◆ **PROMPT**
Send back the data below exactly. Drop every picture.

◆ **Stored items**
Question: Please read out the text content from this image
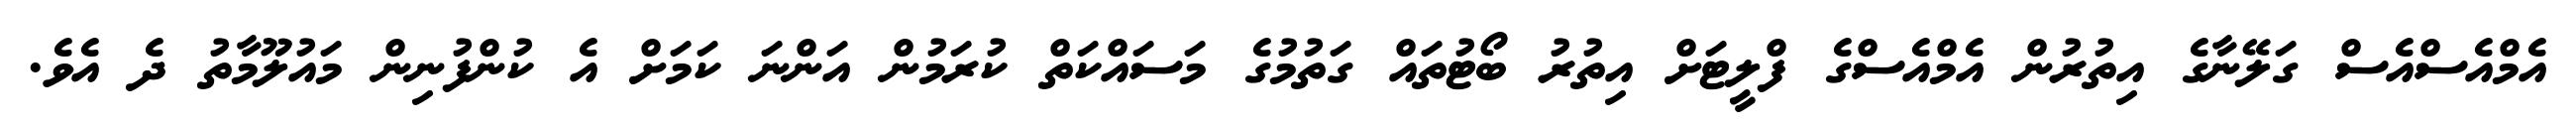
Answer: އެމްއެސްއެސް ގަލޭނާގެ އިތުރުން އެމްއެސްގެ ފްލީޓަށް އިތުރު ބޯޓުތައް ގަތުމުގެ މަސައްކަތް ކުރަމުން އަންނަ ކަމަށް އެ ކުންފުނިން މައުލޫމާތު ދެ އެވެ.
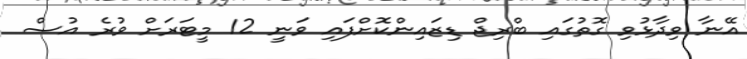
އޭނާ ވިދާޅުވި ގޮތުގައި ބްރިޖް ޑިޒައިންކޮށްފައި ވަނީ 12 މީޓަރަށް ވުރެ އުސް
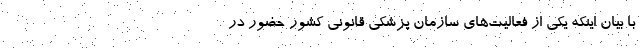
با بیان اینکه یکی از فعالیت‌های سازمان پزشکی قانونی کشور حضور در
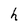
Character: h

◆ **THE ANSWER**
Question: Please read out the text content from this image
Answer: އެމްއެސްއެސް ގަލޭނާގެ އިތުރުން އެމްއެސްގެ ފްލީޓަށް އިތުރު ބޯޓުތައް ގަތުމުގެ މަސައްކަތް ކުރަމުން އަންނަ ކަމަށް އެ ކުންފުނިން މައުލޫމާތު ދެ އެވެ.
އޭނާ ވިދާޅުވި ގޮތުގައި ބްރިޖް ޑިޒައިންކޮށްފައި ވަނީ 12 މީޓަރަށް ވުރެ އުސް
با بیان اینکه یکی از فعالیت‌های سازمان پزشکی قانونی کشور حضور در
Character: h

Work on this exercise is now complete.